再生可能エネルギーの開発に逆風が吹いている。千葉県銚子市沖や秋田県能代市沖など3海域の大型洋上風力事業に参入していた三菱商事が、資材の高騰を理由に撤退を表明した。
未経験の事業内容であるだけに、成算に不明の点が予見されたのか。政府のエネルギー基本計画では、洋上風力は再エネの主力電源化への「切り札」とされている。
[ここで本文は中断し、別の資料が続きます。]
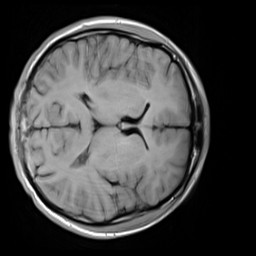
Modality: T1w
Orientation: axial
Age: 21
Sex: male
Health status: healthy
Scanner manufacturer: siemens
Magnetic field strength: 3 T
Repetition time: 4.1 s
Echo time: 0.0085 s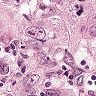
Metastatic tissue present: yes
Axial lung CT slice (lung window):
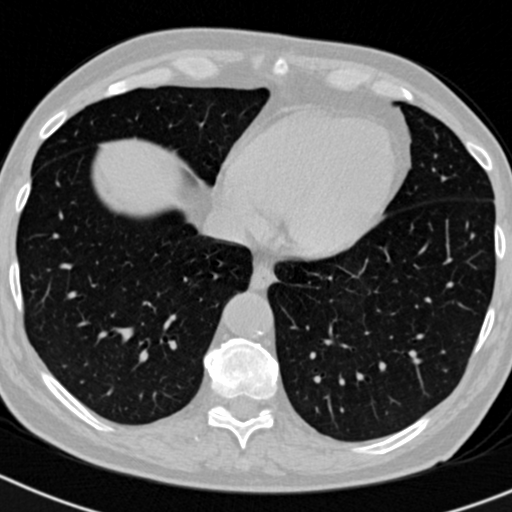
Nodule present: no
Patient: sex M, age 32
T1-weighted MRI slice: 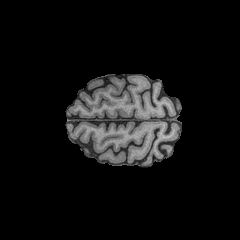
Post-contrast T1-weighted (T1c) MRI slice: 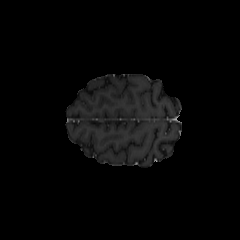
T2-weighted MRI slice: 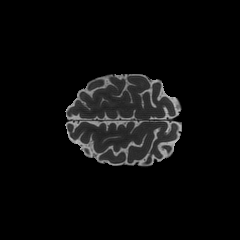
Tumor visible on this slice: no
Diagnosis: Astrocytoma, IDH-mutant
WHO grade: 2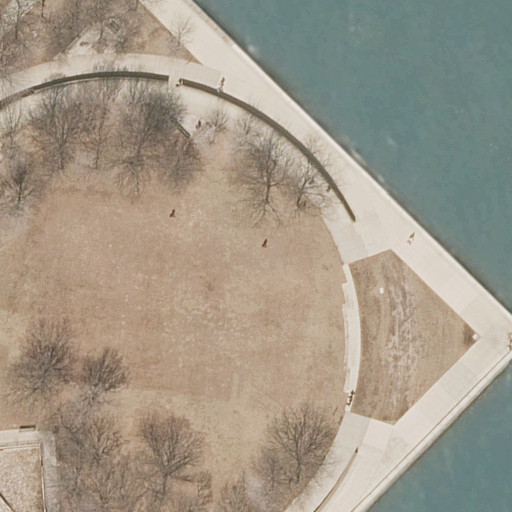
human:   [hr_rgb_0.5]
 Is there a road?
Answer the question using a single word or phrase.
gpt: yes

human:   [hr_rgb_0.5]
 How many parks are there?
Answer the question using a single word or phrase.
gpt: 2

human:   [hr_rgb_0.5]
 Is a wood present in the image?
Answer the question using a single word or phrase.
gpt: yes

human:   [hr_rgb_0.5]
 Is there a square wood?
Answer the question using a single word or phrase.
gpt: no

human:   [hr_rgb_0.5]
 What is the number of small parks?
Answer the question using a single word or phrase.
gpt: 0

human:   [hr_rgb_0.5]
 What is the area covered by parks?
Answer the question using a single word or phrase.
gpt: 15517m2

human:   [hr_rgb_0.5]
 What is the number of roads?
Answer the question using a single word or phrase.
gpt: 7

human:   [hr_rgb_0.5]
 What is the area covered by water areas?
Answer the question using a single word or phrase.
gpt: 2505m2

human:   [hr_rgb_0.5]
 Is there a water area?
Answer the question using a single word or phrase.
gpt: yes

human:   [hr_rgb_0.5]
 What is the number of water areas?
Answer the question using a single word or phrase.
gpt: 1

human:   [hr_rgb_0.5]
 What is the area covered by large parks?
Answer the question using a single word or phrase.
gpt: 15517m2

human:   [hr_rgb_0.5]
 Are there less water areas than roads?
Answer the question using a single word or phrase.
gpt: yes

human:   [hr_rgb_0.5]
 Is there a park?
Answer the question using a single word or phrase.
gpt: yes

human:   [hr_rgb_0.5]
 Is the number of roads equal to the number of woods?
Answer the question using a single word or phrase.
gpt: no

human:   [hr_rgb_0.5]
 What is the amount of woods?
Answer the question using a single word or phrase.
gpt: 2

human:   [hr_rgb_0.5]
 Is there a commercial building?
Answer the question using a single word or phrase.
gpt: no

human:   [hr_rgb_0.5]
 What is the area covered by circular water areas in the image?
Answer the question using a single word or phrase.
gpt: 0m2

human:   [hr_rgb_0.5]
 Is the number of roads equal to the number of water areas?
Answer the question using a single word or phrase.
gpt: no

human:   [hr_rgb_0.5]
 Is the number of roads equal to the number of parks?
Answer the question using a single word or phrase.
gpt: no

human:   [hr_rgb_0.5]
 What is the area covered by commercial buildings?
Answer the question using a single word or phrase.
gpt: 0m2

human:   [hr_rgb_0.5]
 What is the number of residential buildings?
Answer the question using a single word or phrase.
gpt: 0

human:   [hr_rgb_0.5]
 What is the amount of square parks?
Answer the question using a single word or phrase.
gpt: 0

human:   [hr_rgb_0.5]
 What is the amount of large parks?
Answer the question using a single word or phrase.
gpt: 2

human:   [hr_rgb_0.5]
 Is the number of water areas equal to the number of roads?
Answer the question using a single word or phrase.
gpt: no

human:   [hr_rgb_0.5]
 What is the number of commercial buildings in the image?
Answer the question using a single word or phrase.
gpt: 0

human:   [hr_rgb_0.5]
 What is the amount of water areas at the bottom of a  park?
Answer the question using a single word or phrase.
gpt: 0

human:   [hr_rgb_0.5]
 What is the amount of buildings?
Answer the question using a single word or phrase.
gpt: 0

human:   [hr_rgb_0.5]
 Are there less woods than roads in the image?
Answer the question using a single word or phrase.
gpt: yes

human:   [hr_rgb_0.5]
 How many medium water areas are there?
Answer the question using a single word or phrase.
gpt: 0

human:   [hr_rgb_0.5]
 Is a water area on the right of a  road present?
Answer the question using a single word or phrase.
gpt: yes

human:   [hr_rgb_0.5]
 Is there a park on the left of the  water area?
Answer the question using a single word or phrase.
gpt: yes

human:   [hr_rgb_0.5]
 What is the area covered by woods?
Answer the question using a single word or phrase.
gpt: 276m2

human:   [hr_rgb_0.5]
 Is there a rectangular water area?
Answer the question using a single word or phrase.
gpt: no

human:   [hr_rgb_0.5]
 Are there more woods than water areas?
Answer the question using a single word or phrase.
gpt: yes

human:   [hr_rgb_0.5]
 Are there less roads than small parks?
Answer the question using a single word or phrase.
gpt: no

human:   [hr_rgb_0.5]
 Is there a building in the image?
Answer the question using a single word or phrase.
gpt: no

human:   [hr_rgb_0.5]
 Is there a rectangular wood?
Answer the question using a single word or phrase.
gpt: yes

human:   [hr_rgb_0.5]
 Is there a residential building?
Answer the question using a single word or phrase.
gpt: no

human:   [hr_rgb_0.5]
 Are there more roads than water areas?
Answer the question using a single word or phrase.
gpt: yes

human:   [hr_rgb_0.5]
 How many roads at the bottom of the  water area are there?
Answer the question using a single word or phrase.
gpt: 2

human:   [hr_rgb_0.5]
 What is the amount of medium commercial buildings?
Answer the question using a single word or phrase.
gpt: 0

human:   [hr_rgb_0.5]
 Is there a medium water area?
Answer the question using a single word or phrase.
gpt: no

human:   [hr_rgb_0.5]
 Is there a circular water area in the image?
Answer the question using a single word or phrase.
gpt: no

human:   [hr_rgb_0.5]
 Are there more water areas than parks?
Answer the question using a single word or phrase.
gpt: no

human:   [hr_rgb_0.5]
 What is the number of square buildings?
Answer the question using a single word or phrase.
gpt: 0

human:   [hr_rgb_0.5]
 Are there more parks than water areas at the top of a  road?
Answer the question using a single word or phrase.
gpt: yes

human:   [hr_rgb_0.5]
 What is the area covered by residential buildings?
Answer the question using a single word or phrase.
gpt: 0m2

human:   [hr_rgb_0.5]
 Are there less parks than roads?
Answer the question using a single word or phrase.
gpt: yes

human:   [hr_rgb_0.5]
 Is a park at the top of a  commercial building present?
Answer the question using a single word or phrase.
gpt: no

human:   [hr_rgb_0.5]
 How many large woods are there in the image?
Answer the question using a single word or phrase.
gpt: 0

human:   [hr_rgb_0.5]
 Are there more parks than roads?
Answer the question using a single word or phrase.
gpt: no

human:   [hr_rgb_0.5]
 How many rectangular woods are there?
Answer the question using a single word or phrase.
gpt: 1

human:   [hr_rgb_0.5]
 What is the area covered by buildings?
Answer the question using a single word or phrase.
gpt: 0m2

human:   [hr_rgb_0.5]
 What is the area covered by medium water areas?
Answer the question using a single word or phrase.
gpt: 0m2

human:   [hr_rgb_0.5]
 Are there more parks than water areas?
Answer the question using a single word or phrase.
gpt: yes

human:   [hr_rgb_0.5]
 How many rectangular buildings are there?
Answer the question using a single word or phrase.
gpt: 0

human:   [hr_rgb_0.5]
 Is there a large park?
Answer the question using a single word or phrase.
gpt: yes

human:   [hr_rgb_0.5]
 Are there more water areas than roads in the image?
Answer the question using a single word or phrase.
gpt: no

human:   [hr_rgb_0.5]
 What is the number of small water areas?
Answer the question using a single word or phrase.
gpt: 0

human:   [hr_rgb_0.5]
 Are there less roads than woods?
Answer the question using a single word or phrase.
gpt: no

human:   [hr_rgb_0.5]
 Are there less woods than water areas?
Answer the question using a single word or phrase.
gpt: no

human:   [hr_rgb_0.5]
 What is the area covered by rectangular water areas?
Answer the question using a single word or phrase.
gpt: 0m2

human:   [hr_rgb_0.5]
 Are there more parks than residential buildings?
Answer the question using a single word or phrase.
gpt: yes

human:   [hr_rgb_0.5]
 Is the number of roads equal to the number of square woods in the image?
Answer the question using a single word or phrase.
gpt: no

洋上風力発電施設の設置で、技術面以外に最も困難なのは、漁業や観光業など地元産業との共生。不漁になったり観光資源にダメージを与えたりしてはいけない。この点、三菱商事は漁業関係者と養殖事業などで協力を約束しており、地元の困惑は大きい。
再エネ開発で、最も早くから研究されてきたのは太陽光発電。今日実用化されているシステムの基礎を築いた愛媛県西条市の研究施設を以前、訪ねた。西条市は瀬戸内海に面し日射量に恵まれ、集光には格好の地。
しかしその後、このような適切な地は全国で案外少ないことが分かってきた。塩害も防がなければいけない。実際、東海道新幹線から望むと、太陽光パネルが田畑の間の空き地や山の斜面の狭い場所に窮屈そうに並んでいる。
ゴルフ場跡地などメガソーラーに適した場所の開発が一巡し、森林伐採も進んで新設用地の確保が難しくなった。また太陽光パネルが、環境に負荷のかかる廃棄物となる時期が早まっていることも分かってきた。将来の電力不足を見据えた再エネシステムの構築が必要だ。